After leaves have fallen, clean out the gutters and downspouts, flush them with water, inspect joints, and tighten brackets if necessary. Clogged gutters are one of the major causes of ice dams. Replace old or damaged gutters with new ones that have built-in leaf guards.
Examine your pool cover for damage and replace if necessary.
Weather-strip your garage door. Make sure the seal between your garage door and the ground is tight to prevent drafts and keep out small animals.
Inspect your driveway for cracks. Clean out and repair any damage with driveway filler, then coat with a commercial sealer.
“Heating and cooling amount to 47% of the energy costs in your home.
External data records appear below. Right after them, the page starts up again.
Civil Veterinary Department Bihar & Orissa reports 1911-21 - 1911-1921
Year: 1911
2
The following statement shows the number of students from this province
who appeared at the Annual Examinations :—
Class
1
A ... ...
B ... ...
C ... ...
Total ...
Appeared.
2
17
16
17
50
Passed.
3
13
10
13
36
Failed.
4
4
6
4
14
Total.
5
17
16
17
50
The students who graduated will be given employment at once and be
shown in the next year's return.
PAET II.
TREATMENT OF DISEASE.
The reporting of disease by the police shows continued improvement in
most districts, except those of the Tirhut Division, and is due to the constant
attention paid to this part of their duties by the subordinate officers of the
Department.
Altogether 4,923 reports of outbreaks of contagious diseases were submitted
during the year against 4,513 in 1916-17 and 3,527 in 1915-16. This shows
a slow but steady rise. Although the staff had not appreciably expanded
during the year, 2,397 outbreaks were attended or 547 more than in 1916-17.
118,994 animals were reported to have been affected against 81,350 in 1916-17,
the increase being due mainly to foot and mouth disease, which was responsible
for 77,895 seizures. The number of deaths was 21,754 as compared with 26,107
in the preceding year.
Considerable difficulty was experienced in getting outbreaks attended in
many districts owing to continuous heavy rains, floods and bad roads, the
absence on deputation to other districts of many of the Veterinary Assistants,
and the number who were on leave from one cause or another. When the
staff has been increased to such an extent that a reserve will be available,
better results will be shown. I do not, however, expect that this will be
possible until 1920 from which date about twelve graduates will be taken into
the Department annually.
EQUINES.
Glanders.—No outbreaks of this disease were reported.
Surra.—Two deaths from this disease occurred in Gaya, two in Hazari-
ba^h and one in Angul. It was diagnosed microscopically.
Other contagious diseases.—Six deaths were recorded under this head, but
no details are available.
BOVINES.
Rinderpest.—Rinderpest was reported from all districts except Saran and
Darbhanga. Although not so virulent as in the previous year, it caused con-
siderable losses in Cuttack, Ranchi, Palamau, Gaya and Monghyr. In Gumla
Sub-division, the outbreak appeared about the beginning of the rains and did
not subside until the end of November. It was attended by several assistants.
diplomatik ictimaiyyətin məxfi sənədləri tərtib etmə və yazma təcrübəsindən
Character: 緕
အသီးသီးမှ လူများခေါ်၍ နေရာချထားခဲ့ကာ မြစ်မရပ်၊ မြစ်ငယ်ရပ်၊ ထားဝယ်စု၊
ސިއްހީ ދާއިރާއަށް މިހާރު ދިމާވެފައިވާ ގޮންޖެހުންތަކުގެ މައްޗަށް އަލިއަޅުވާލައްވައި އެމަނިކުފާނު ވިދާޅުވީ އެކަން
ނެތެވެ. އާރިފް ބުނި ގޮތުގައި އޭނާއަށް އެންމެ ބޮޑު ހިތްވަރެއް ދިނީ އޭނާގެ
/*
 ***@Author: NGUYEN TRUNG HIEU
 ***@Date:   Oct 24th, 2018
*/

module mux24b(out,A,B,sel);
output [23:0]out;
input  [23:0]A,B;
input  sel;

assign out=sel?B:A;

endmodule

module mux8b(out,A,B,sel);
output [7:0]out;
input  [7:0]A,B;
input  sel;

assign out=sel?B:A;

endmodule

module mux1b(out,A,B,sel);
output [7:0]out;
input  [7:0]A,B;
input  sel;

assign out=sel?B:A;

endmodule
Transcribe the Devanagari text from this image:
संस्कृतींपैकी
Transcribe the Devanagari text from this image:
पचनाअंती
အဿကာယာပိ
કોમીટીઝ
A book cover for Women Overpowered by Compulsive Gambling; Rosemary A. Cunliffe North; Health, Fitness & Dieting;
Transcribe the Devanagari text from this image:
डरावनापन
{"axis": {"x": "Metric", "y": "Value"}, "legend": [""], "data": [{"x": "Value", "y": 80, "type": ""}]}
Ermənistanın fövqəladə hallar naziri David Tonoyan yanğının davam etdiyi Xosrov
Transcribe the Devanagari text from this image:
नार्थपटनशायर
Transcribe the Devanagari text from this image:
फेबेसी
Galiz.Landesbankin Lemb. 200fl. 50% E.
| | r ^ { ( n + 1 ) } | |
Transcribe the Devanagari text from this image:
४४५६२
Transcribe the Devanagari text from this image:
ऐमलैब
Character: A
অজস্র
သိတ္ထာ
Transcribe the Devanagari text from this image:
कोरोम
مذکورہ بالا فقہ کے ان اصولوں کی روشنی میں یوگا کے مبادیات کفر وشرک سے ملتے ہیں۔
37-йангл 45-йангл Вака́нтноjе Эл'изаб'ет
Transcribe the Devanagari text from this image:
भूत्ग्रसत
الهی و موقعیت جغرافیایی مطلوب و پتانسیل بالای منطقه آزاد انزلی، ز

Proper sealing and insulation can save up to 20% on heating and cooling costs, or up to 10% on your total annual energy bill,” says Katie Cody, spokeswoman for Lowe’s. “Air leaks from windows and doors are easy to find by moving your hand around the frame. Applying weather stripping and caulk to these areas will help cut down on drafts.”
Have your heating system checked by a licensed heating contractor. Heating systems will use fuel more efficiently, last longer and have fewer problems if properly serviced.
Get your woodstove and fireplace in working order. Gary Webster, Creative Director of Travis Industries, suggests that you examine your wood stove or fireplace insert’s door gasket for a tight seal. Also clean and inspect the glass door for cracks and have the chimney cleaned by a licensed chimney sweep. “A clogged chimney poses the risk of a chimney fire, which can be ignited by burning creosote—a combination of wood tar, organic vapors and moisture buildup,” says Webster.
Change the direction of your ceiling fan to create an upward draft that redistributes warm air from the ceiling.
Test and change the batteries in your smoke and carbon dioxide detectors and keep extra household batteries on hand.
Check basement windows for drafts, loose frames or cracked panes.
Vacuum internal parts of air conditioners. Remove units from windows or wrap outside box with an approved tarp or plastic air conditioner cover in order to prevent rusting of vital parts.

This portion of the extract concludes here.